More than 80% of our capacity is allocated through competition and peer review, ensuring Canada's excellent researchers have the resources they need to succeed, while still enabling all researchers to have access to Compute Canada services.
Today, 55% of our demand is served from outside the researchers' home institutions and 19% is being served from outside their region. Our goal is to make sure researchers don't care what systems they use; ideally they don't even need to know (but we're not there yet).
Compute Canada is also about sharing expertise. Digital scholarship is the new reality for many disciplines, and they need the guidance and support of Compute Canada experts. Often the best way to accelerate research is to create sophisticated online tools that marry the ease of use of the Web, services for finding the right research data and the power of our largest systems.
Two world-leading examples of these tools have come out of Canadian neuroscience, with CBRAIN, and Canadian genomics, with GenAP. Both systems (funded by CANARIE) have the power to amplify impact in their fields — and in similar fields — by orders of magnitude. This is where world-leading scientists come to play.
The storage of research data is our next challenge. The government has signalled its interest in big data and open data. CFI's cyber-infrastructure initiative shows a preference for "data intensive" proposals. But we haven't really figured out how much data needs to be stored or how much it will cost to keep for five years, much less forever.

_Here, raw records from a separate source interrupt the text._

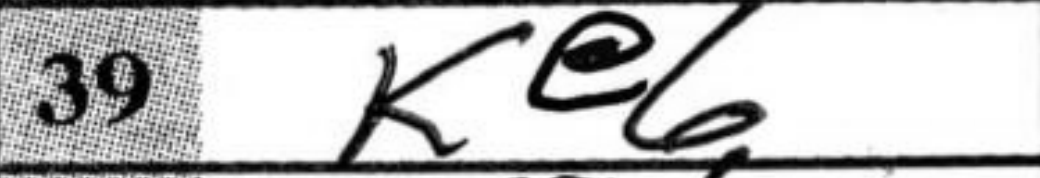
Transcription: Ke6
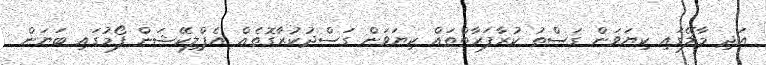
އަދި މާލޭގައި ކިޔަވަން ގަސްތު ކުރާފަރާތްތައް ކިޔަވަން ގަސްދުކުރާގޮތެއް އެޕްލިކޭޝަން ފޯމުގައި ބަޔަން
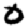
Digit: 0
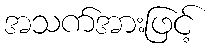
အသက်အားဖြင့်
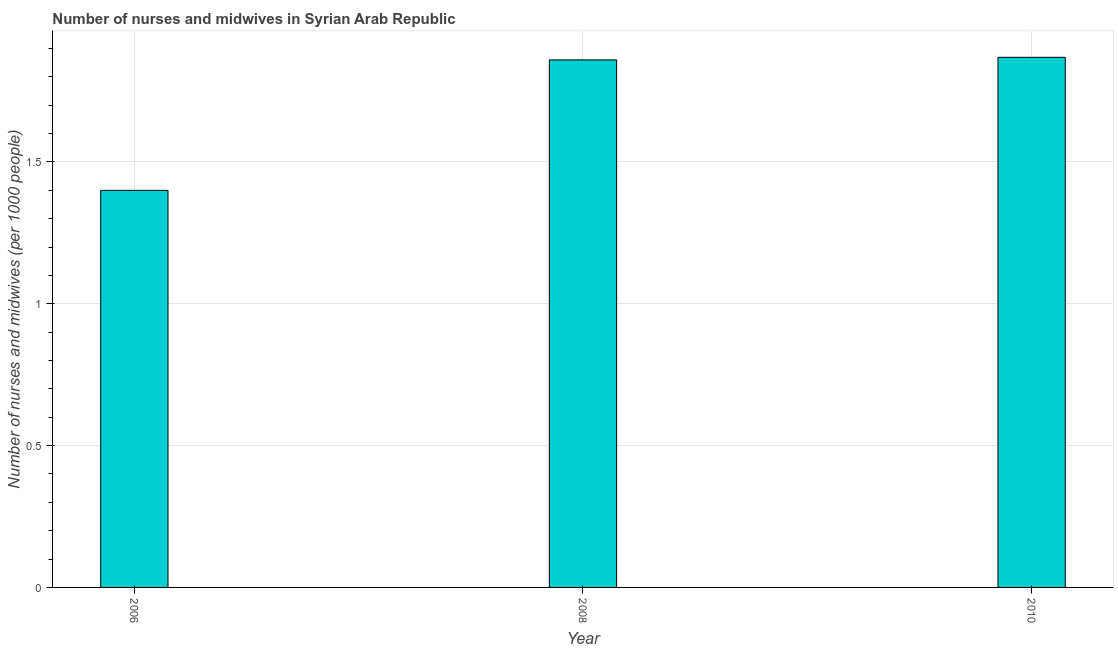
| Year | Nurses and midwives |
 | --- | --- |
 | 2006 | 1.4 |
 | 2008 | 1.86 |
 | 2010 | 1.87 |
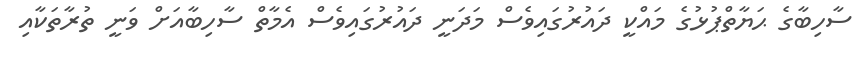
ސާހިބާގެ ޙަޔާތްޕުޅުގެ މައްކީ ދައުރުގައިވެސް މަދަނީ ދައުރުގައިވެސް އެމާތް ސާހިބާއަށް ވަނީ ތުރާތަކާއި
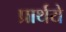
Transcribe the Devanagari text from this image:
प्रार्थये
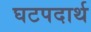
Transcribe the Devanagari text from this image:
घटपदार्थ
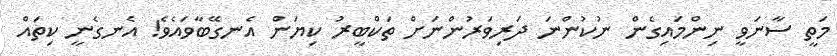
މަތީ ސާނަވީ ނިންމައިގެން ނުކުންނަ ދަރިވަރުންނަށް ތަކްބީރު ކިޔަން އެނގޭބާވައެވެ! އެނގެނީ ކިތައް
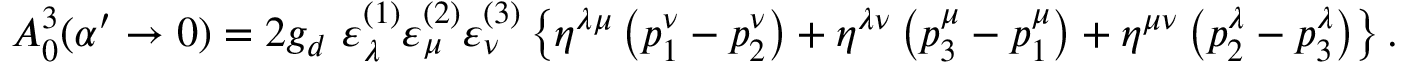
A _ { 0 } ^ { 3 } ( \alpha ^ { \prime } \rightarrow 0 ) = 2 g _ { d } \, \, \varepsilon _ { \lambda } ^ { ( 1 ) } \varepsilon _ { \mu } ^ { ( 2 ) } \varepsilon _ { \nu } ^ { ( 3 ) } \left\{ \eta ^ { \lambda \mu } \left( p _ { 1 } ^ { \nu } - p _ { 2 } ^ { \nu } \right) + \eta ^ { \lambda \nu } \left( p _ { 3 } ^ { \mu } - p _ { 1 } ^ { \mu } \right) + \eta ^ { \mu \nu } \left( p _ { 2 } ^ { \lambda } - p _ { 3 } ^ { \lambda } \right) \right\} .
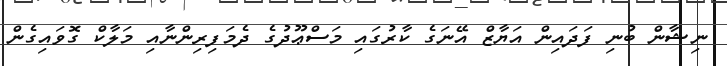
ނިޝާން ބުނި ފަދައިން އަޔާޒް އޭނަގެ ކާރުގައި މަސްޢޫދުގެ ދެމަފިރިންނާއި މަލާކް ގޮވައިގެން
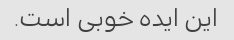
این ایده خوبی است.
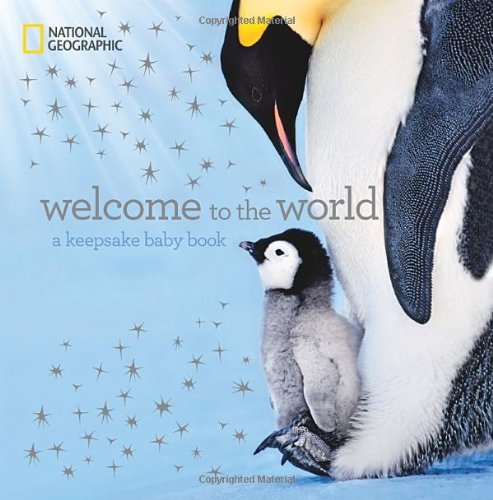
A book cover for Welcome to the World: A Keepsake Baby Book; Marfe Ferguson Delano; Crafts, Hobbies & Home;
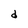
Character: d
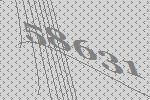
58631
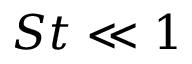
S t \ll 1
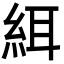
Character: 䋙
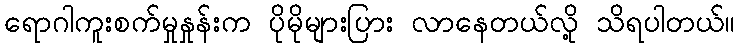
ရောဂါကူးစက်မှုနှုန်းက ပိုမိုများပြား လာနေတယ်လို့ သိရပါတယ်။
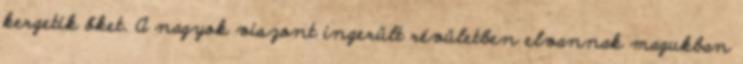
kergetik őket. A nagyok viszont ingerült révületben elvannak magukban
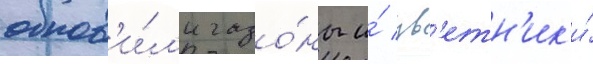
обнов'и́л'и газо́ны и́ цв'етн'ик'и́
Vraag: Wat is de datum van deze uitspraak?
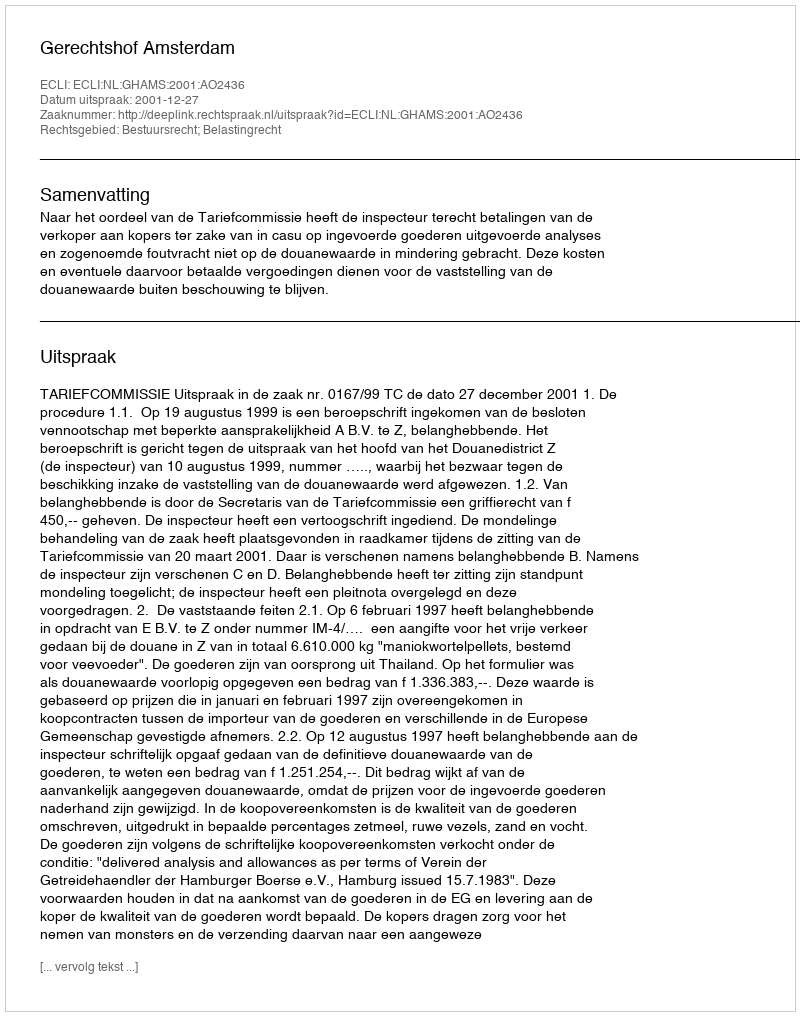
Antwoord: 2001-12-27

To better understand the growth of data and the need for enhanced advanced research computing, Compute Canada launched "Sustainable Planning for Advanced Research Computing" (SPARC). This initiative will help researchers and institutions translate their own scientific trajectories over the next 5-10 years into their need for advanced research computing infrastructure. We will be working with the research disciplines, institutions, the granting councils and key organizations like CANARIE and Research Data Canada to build this comprehensive forecast of Canada's requirements for advanced research computing infrastructure.
This forecast of requirements will play a fundamental role in maintaining Canada's leadership capacity in science and innovation.
Compute Canada is committed to working to ensure Canadian investments in digital infrastructure keep pace with the demands of transformative science. The race is on. Our leading industrial and academic scientists and researchers must be able to compete globally, and we need to provide them with the tools they need to excel.
Mark Dietrich is President and CEO of Compute Canada. Mark leads a national staff and a team of more than 150 experts. Compute Canada and its six regional partners deliver advanced computing services across Canada.